There was more. “We’ve managed the economy sensibly,” Johnson said, indicating he hadn’t been following the leadership debates. Michael Fabricant intervened: “Thanks to his intervention, Kyiv is still part of Ukraine and not part of Russia!” Would Johnson point out that the Ukrainian army deserves some of the credit? Not a bit of it! Maybe he feels it’s really his fault. Finally, they also serve those who stand and mate.

The Tory benches weren’t what you would call packed but those who turned up loved it, cackled and cheered. It was a trip back to Borisland, where supermarkets gave away a gallon of petrol with every loaf of bread and a well-loved Prime Minister bid farewell after two decades of glorious rule.

There was not a word of remorse, no acknowledgment that he had gambled away that election victory and personally and unnecessarily tarnished his party’s reputation until his MPs could bear it no longer. The closest he came to boasting was that “I’m more popular on the streets of Kyiv now than I was in Kensington.”

“Boris Johnson: not as bad as Joseph Stalin”

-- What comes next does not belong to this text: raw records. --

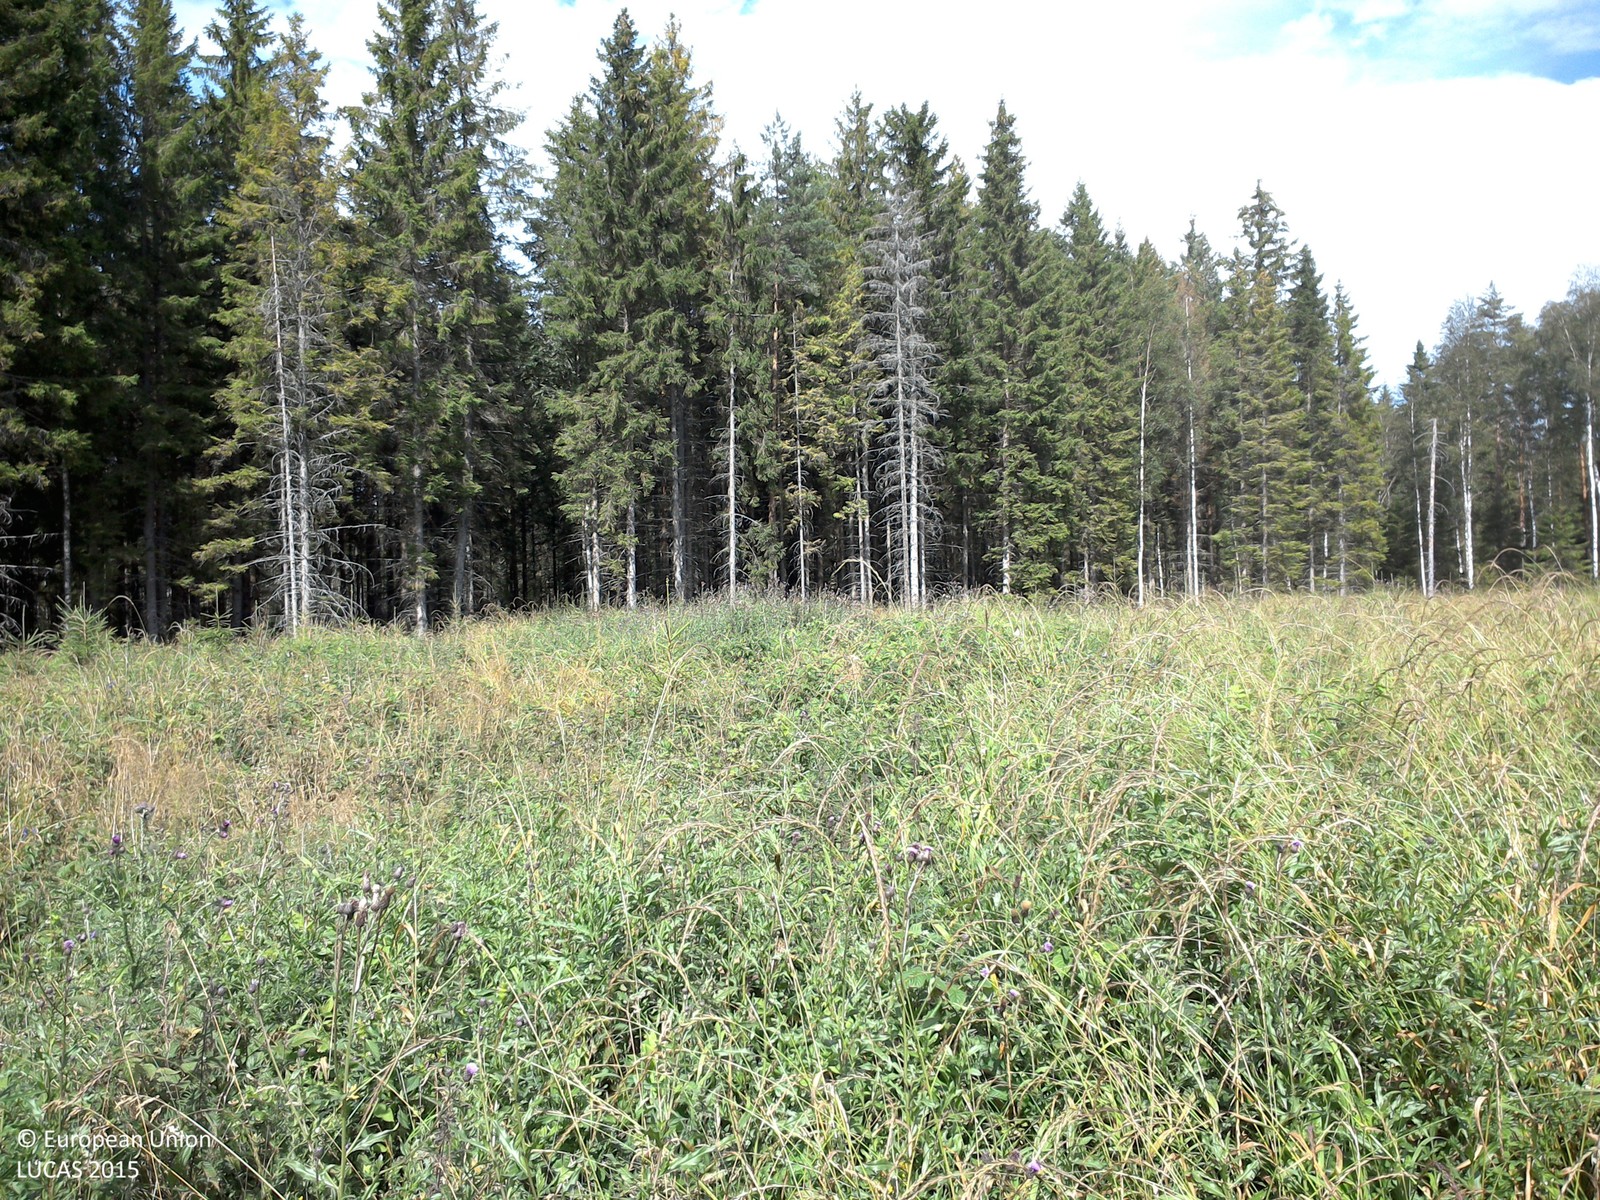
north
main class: Shrubland
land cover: Shrubland without tree cover
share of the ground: > 75 %
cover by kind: shrubs 90 %, herbaceous plants 10 %
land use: Forestry
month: August
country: SE
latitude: 58.1660
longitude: 14.9069

He continued with an anecdote about his weekend jaunt in a typhoon. For so long, Johnson’s fantasies were confined to his speeches. Now he’s using his final weeks in office to live them out in a series of disguise days. This one had been Boris “Big Dog” Johnson, a loner recalled for one last do-or-die mission. Enraged aides try to tame him – “Your wife writes checks Lord Bronlow can’t cash” – but Big Dog knows you’re dead if you think up there. And if you think re-enacting Top Gun’s dogfight scenes is bad, tomorrow he’s re-enacting the beach volleyball scene.

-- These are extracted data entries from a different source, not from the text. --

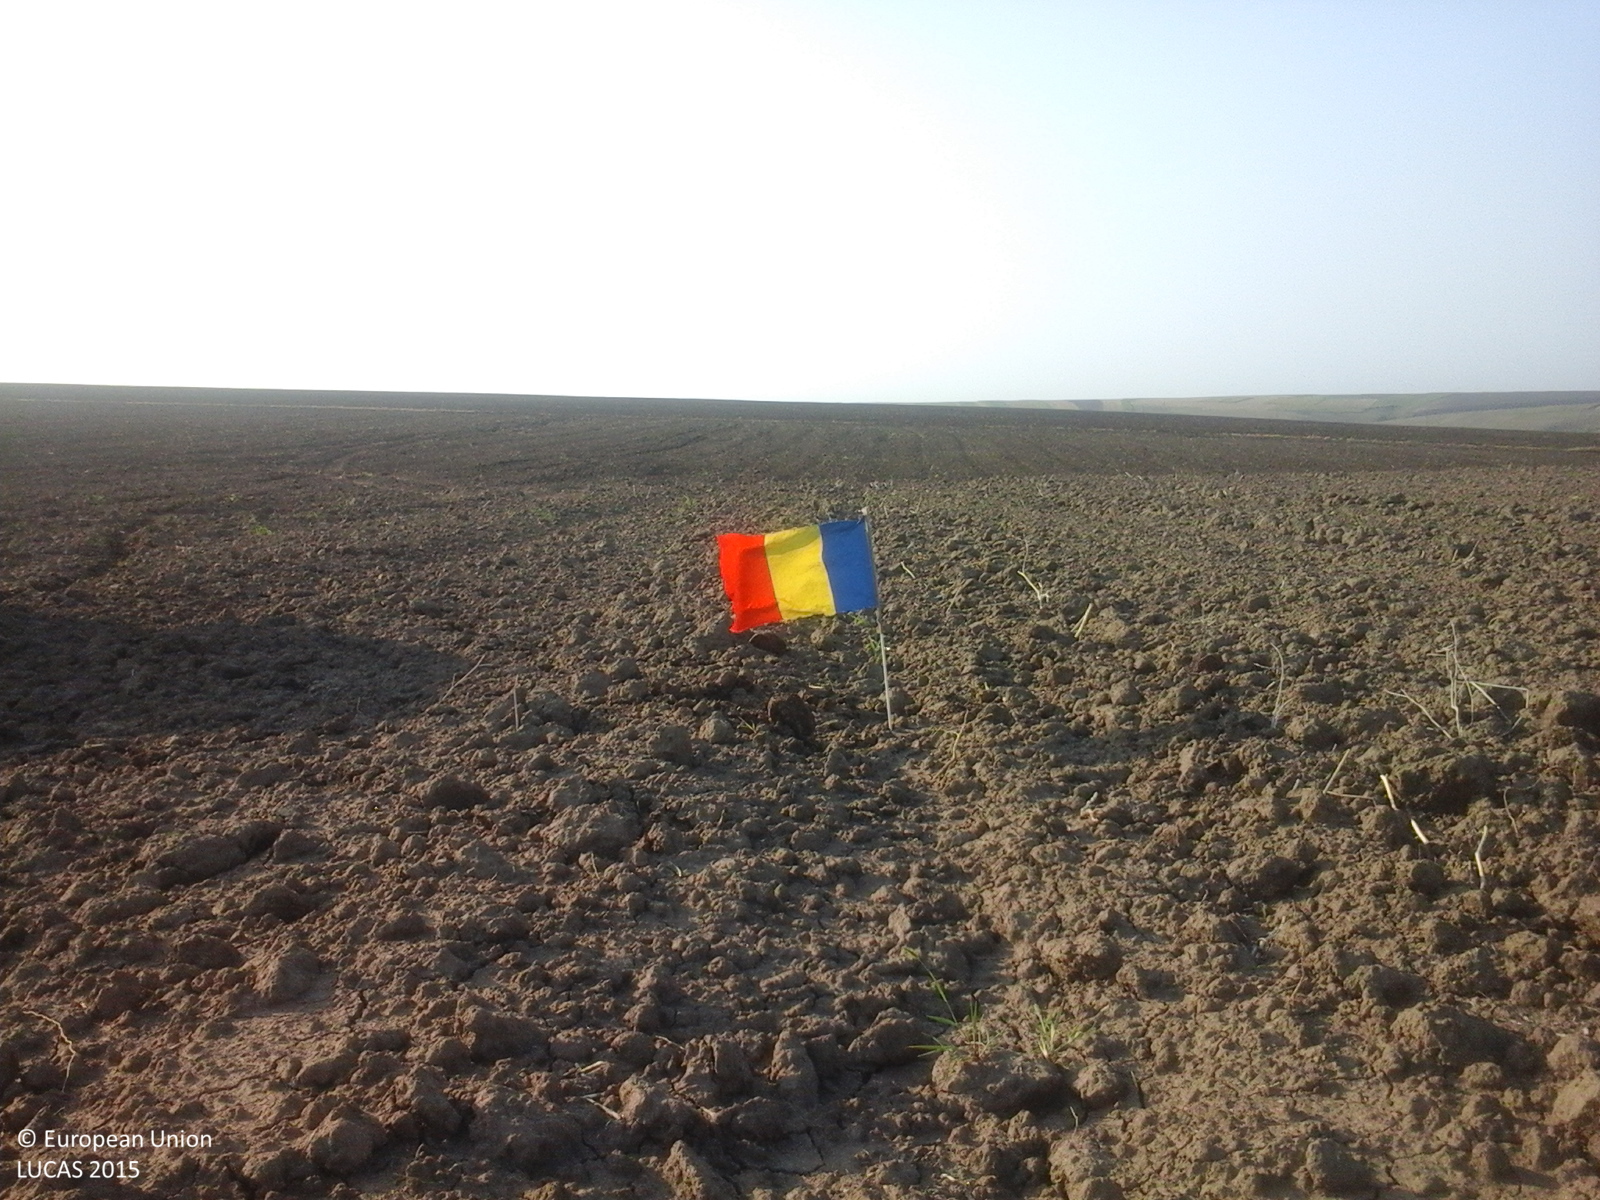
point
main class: Cropland
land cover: Rape and turnip rape
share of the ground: < 10 %
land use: Agriculture (excluding fallow land and kitchen gardens)
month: August
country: RO
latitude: 43.9796
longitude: 28.0940

“I flew over the North Sea,” Johnson said. The pilot had told him he could take the controls. “I did a loop and a barrel roll and an aileron roll.” He was delighted with it all, as sure he really had flown the Typhoon as any Make-a-Wish kid is allowed to be in the cockpit of a multi-million pound fighter jet. In a way, it was a metaphor for his preferred form of government, having his picture taken while someone else was actually in charge.

Eventually, he completely removed himself from reality. The “deep state,” he said, will now undo Brexit. Parliament will give up its support for Ukraine. Après moi, le déluge, as they say at Checkers soirees.

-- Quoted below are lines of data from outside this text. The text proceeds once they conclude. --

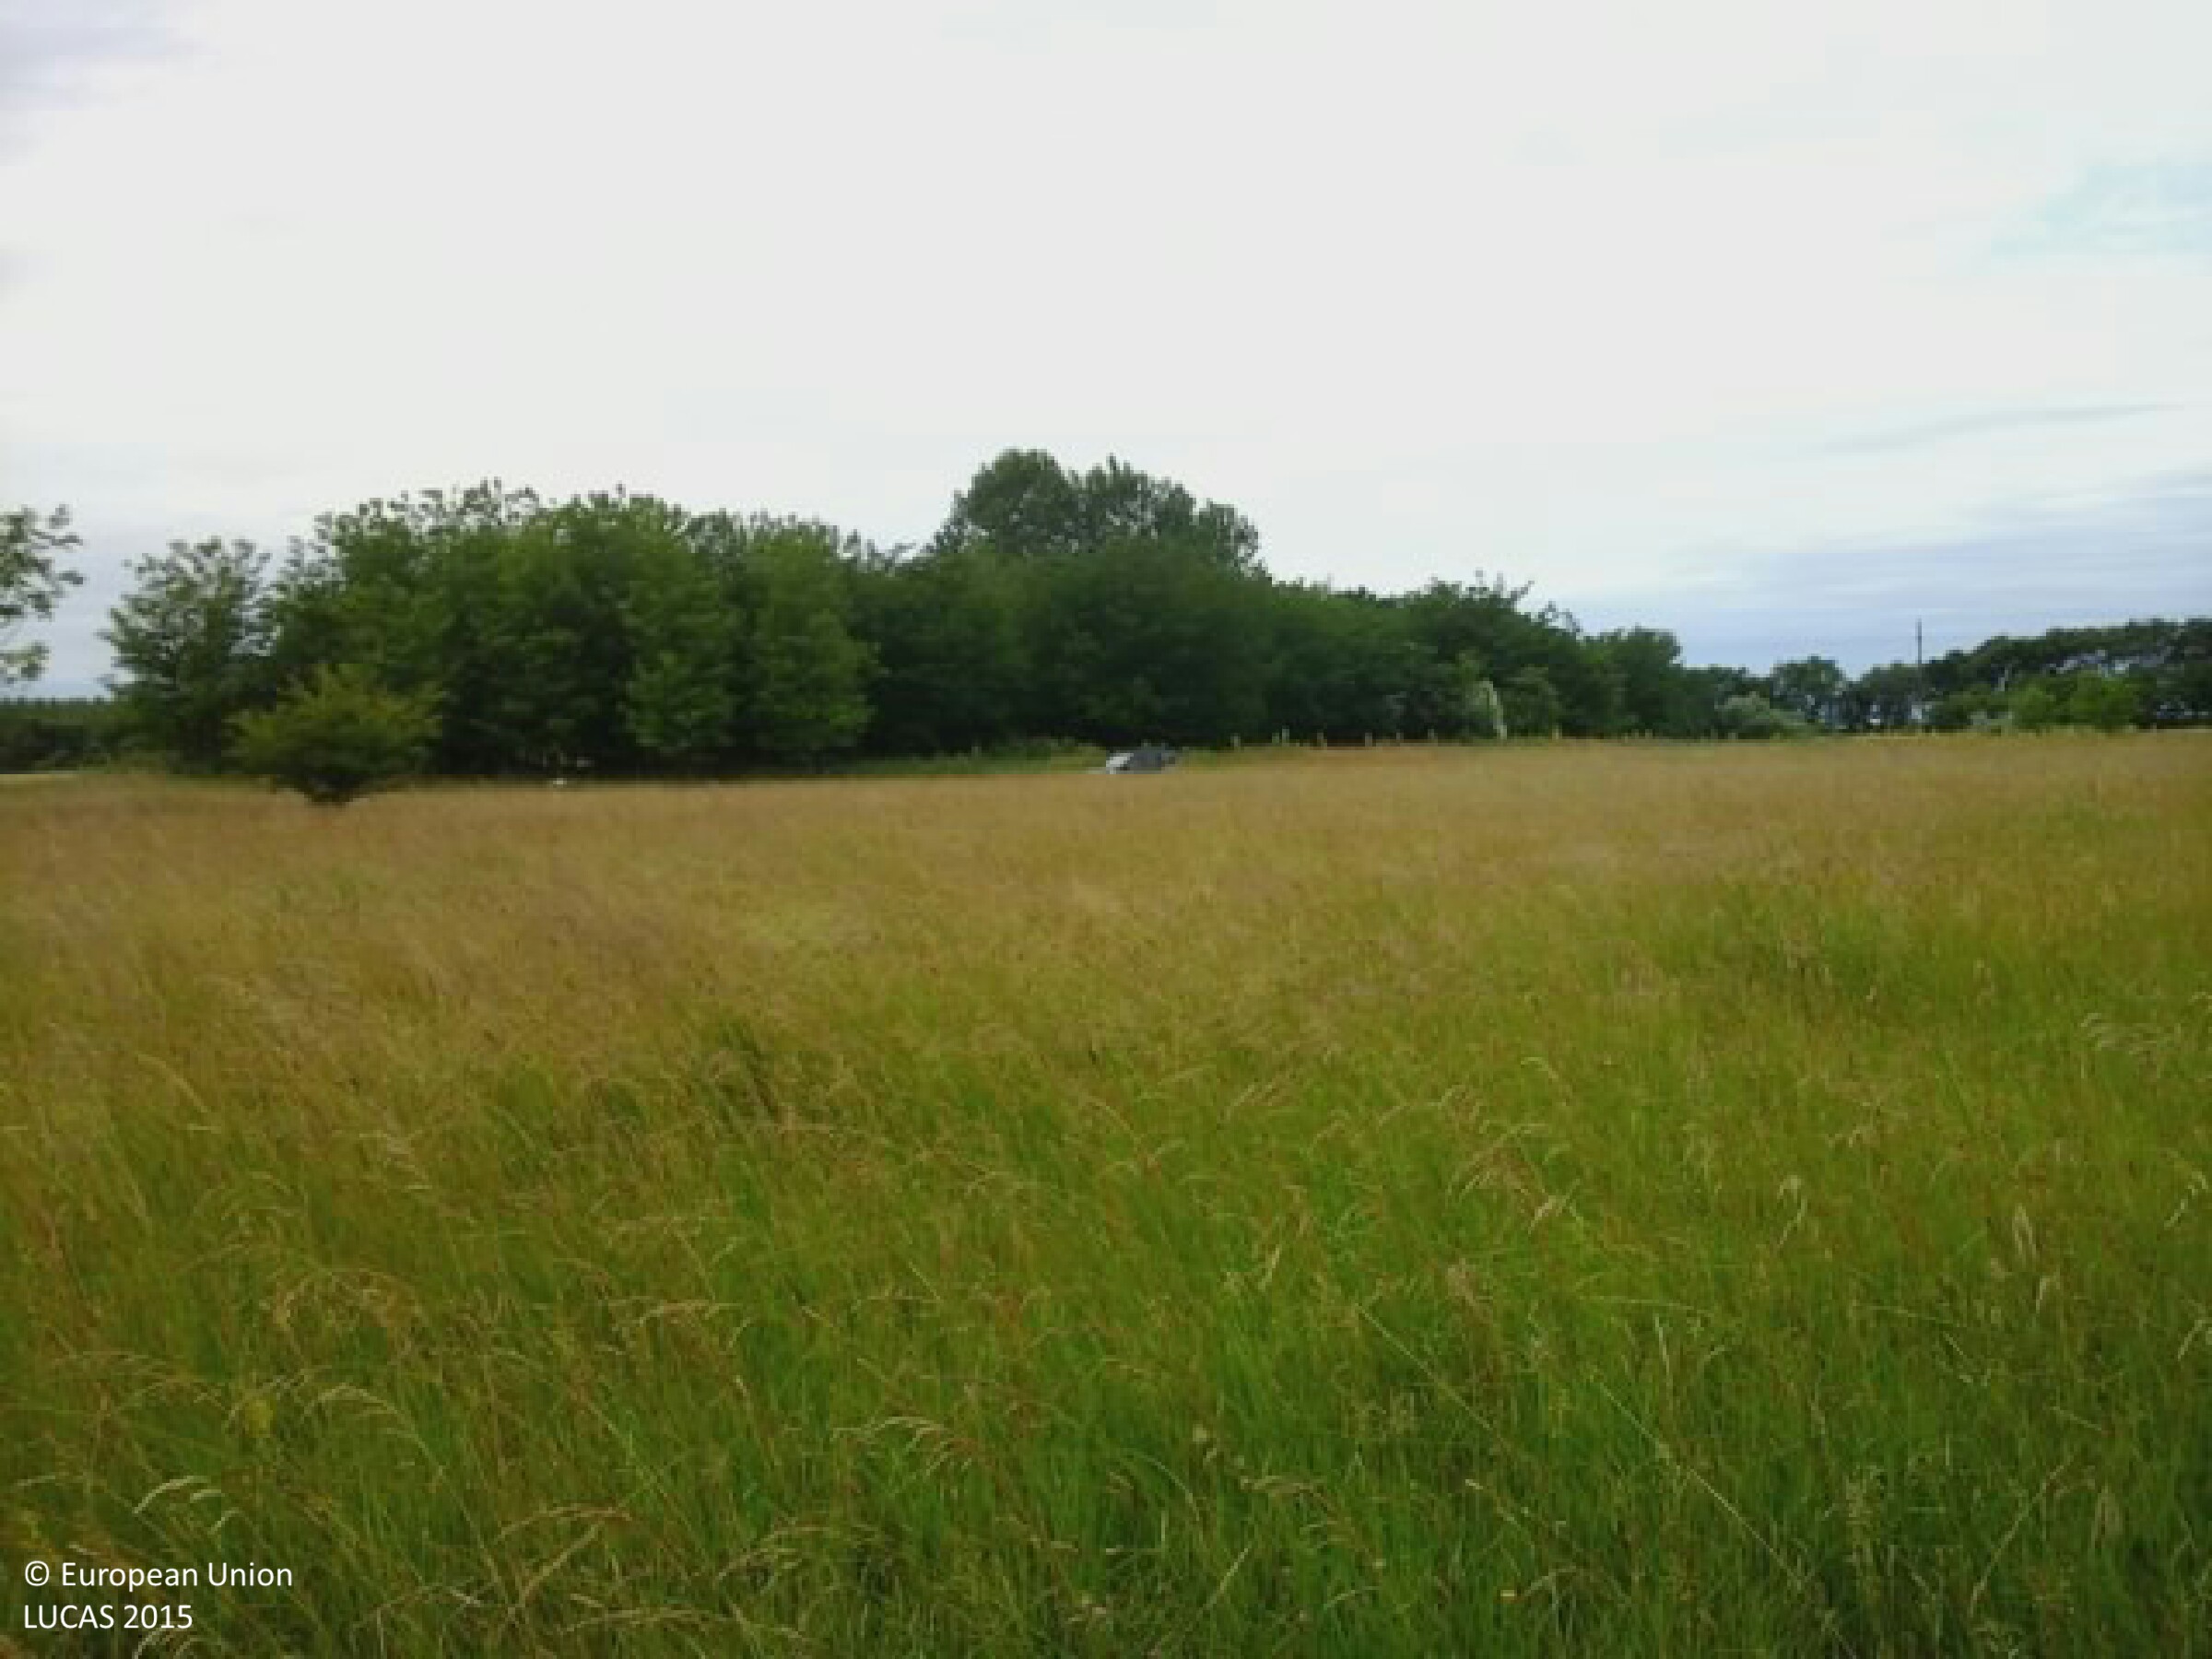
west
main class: Grassland
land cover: Grassland without tree/shrub cover
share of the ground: > 75 %
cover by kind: herbaceous plants 100 %
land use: Agriculture (excluding fallow land and kitchen gardens)
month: June
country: HU
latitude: 46.7201
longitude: 19.5564

Keir Starmer had none of it. “The madness never ends,” he began. The past fortnight has been what Typhoon pilots would describe as a target-rich environment for the Labor leader, and he has thrown his bombs wide. The Tory TV debates have been so embarrassing that even the candidates are withdrawing. When the Conservatives heckled, he urged them to “reread their letters of resignation.”

“He was expelled in disgrace,” said the Labor leader. “Considered unworthy of his position and unfit for office by his peers and peers.” As he reviewed the indictment, Johnson sat like a schoolboy receiving a final announcement on the last day before departure, slumped, bent over, arms crossed , rolling his eyes and shaking his head. MPs shouldn’t be outright accusing each other of lying, but Starmer kept using the word. Finally, Hoyle half-heartedly appealed to more moderate language. It made little difference.

Johnson was, according to the Labor leader, “a vengeful squatter mired in scandal”. It was “made possible by a corrupt conservative party, every step, every scandal and every party along the way”. Johnson began to babble, and Starmer addressed him directly: “They don’t trust you. That’s why you’re leaving.”

Sir Edward Leigh later claimed that Starmer’s speech was the meanest he had ever heard in Parliament, suggesting he had not heard many of Johnson’s. “Where is a sense of kindness or magnanimity?” Leigh pleaded. “Why do we have to throw these insults around?” People, he said, suggested the prime minister was “history’s worst mass murderer.” It was, as he said, “complete rubbish”.

And that should be a lesson for all of us. Maybe we can add it to Wikipedia. “Boris Johnson: not as bad as Joseph Stalin.”